**AVAILABLE DATA:**
· · · ·

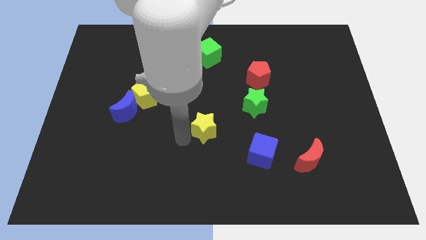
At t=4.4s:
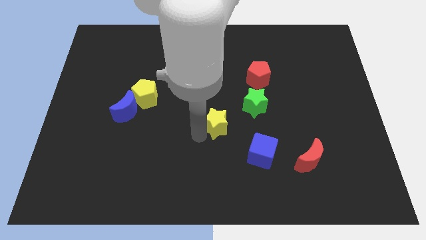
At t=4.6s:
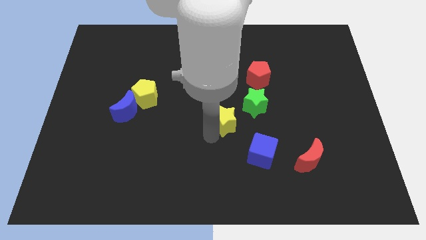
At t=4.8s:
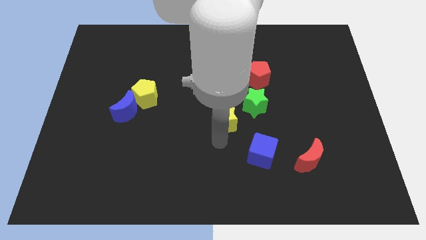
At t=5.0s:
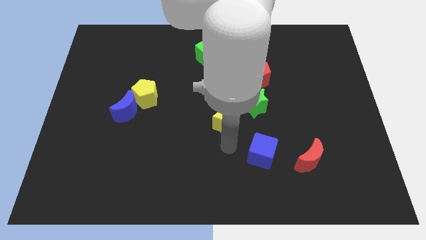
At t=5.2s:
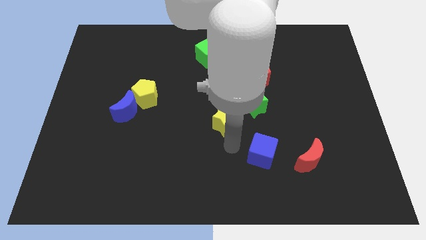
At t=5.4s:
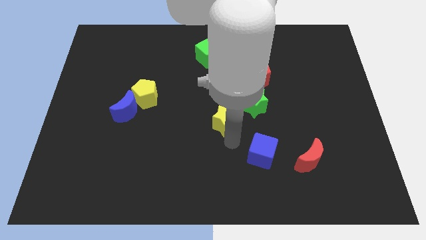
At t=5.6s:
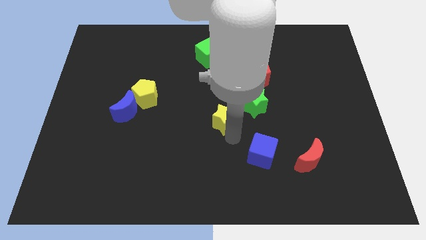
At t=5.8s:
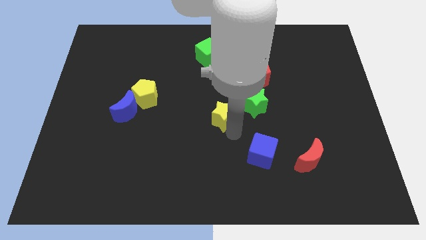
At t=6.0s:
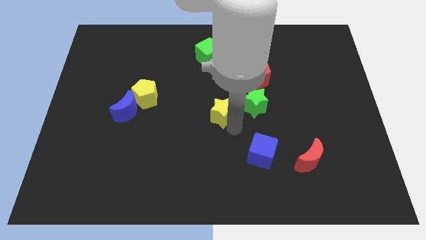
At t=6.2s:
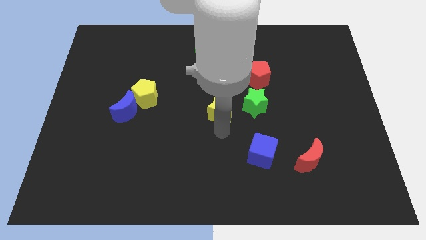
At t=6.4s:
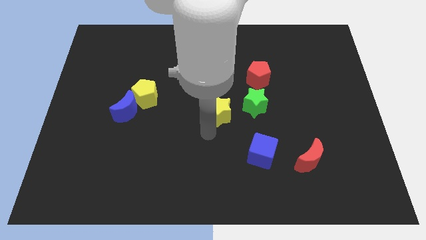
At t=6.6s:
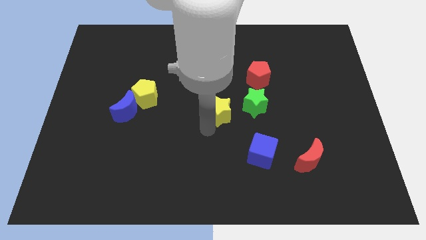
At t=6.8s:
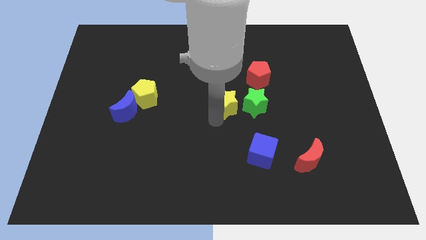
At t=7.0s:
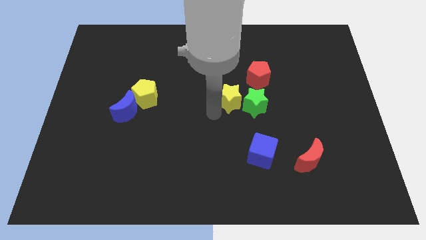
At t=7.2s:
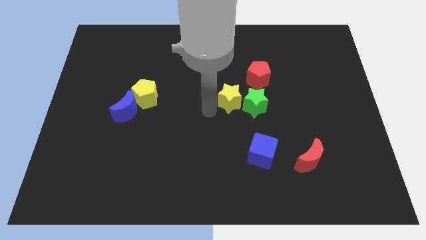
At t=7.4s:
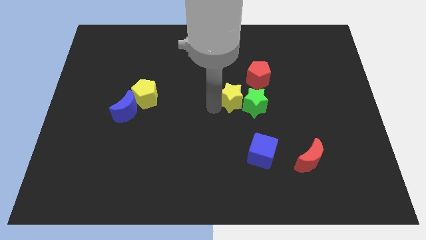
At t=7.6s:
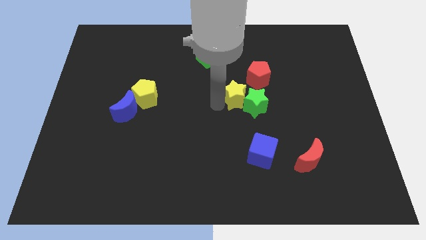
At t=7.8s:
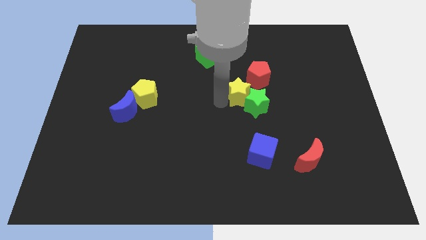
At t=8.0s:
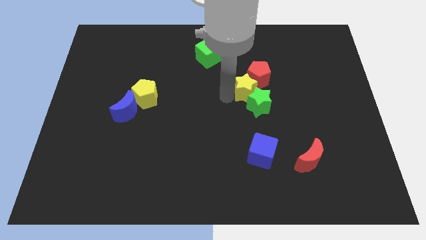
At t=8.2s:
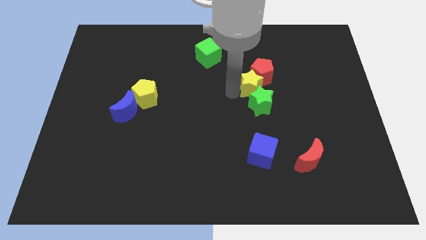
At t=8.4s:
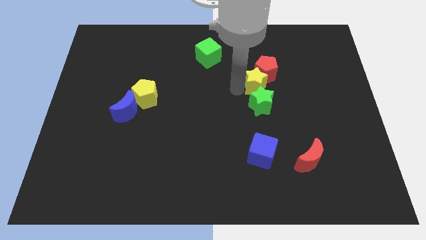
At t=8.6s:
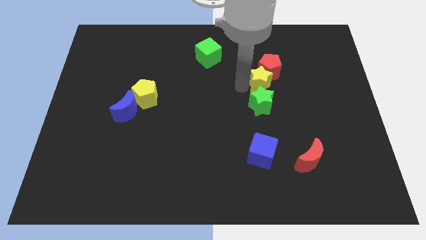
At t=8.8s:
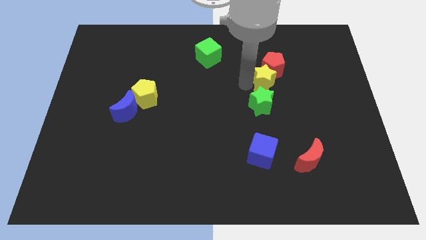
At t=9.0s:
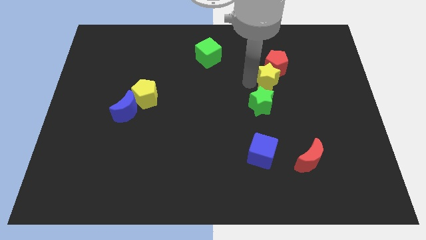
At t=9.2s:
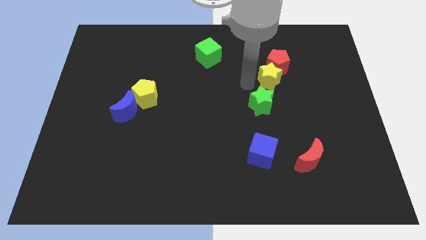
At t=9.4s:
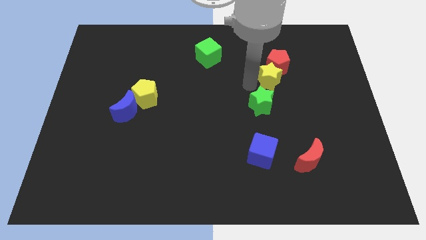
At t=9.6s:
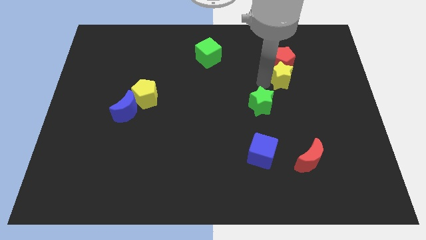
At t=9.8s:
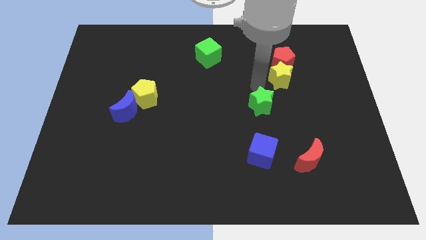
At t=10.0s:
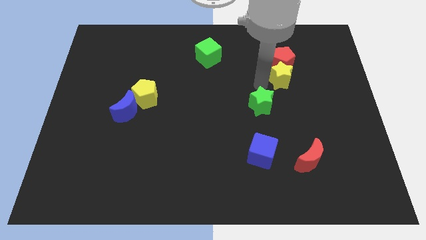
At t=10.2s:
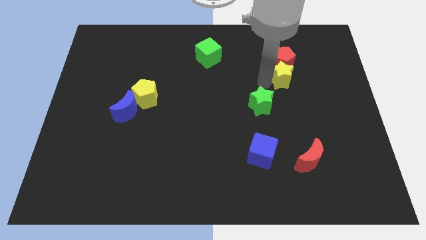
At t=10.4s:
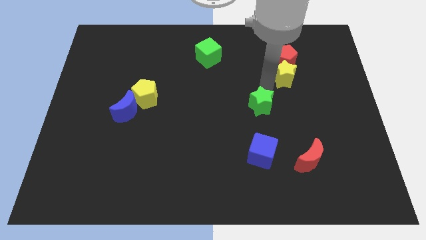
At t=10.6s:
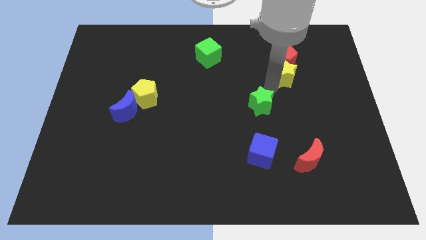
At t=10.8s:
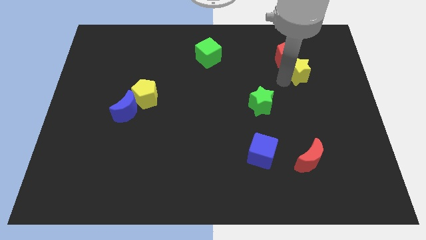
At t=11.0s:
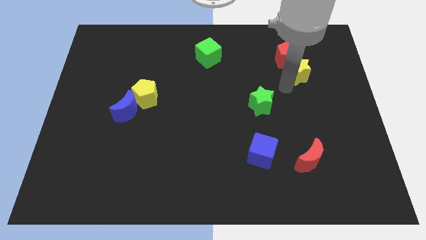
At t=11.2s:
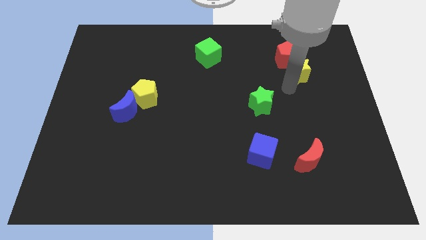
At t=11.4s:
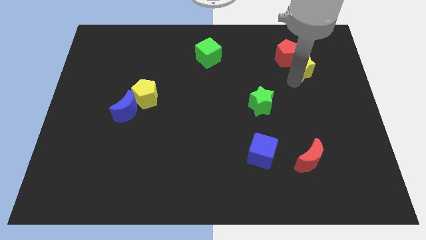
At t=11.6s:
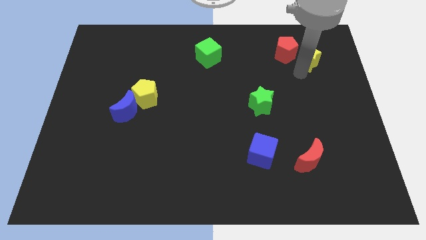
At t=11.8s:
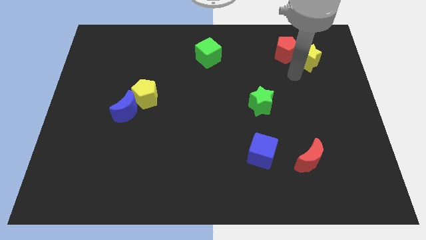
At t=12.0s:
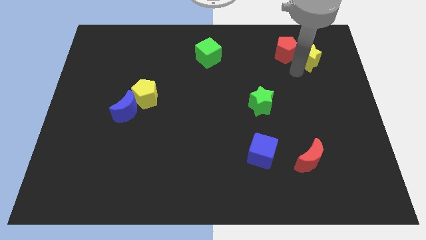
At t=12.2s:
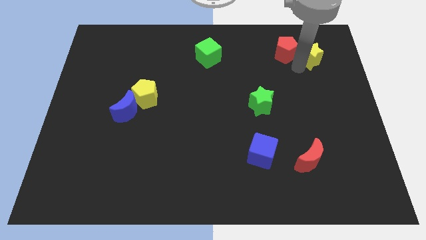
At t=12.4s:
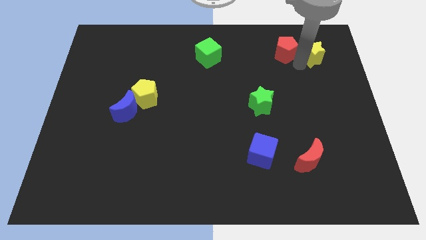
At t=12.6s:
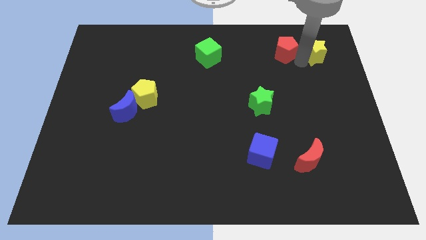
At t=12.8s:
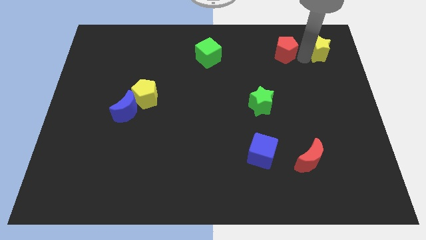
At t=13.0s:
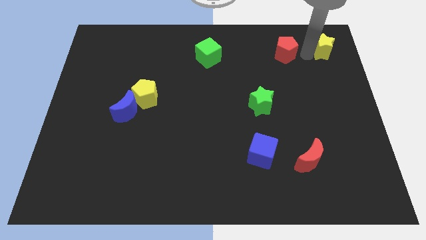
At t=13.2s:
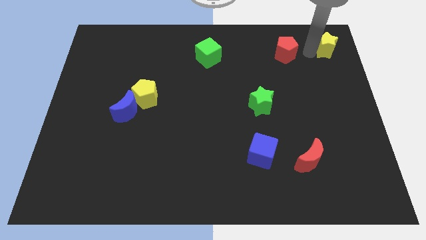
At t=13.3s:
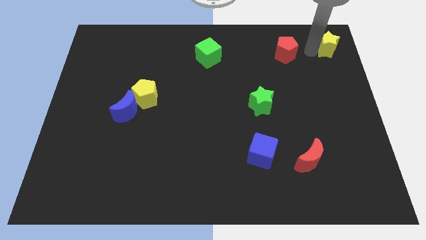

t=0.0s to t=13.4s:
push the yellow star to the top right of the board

· · · ·

**PROBLEM TO SOLVE:** All of the entries, apart from the pictures, must be returned exactly.

**EXPECTED ANSWER:**
At t=4.4s:
At t=4.6s:
At t=4.8s:
At t=5.0s:
At t=5.2s:
At t=5.4s:
At t=5.6s:
At t=5.8s:
At t=6.0s:
At t=6.2s:
At t=6.4s:
At t=6.6s:
At t=6.8s:
At t=7.0s:
At t=7.2s:
At t=7.4s:
At t=7.6s:
At t=7.8s:
At t=8.0s:
At t=8.2s:
At t=8.4s:
At t=8.6s:
At t=8.8s:
At t=9.0s:
At t=9.2s:
At t=9.4s:
At t=9.6s:
At t=9.8s:
At t=10.0s:
At t=10.2s:
At t=10.4s:
At t=10.6s:
At t=10.8s:
At t=11.0s:
At t=11.2s:
At t=11.4s:
At t=11.6s:
At t=11.8s:
At t=12.0s:
At t=12.2s:
At t=12.4s:
At t=12.6s:
At t=12.8s:
At t=13.0s:
At t=13.2s:
At t=13.3s:

t=0.0s to t=13.4s:
push the yellow star to the top right of the board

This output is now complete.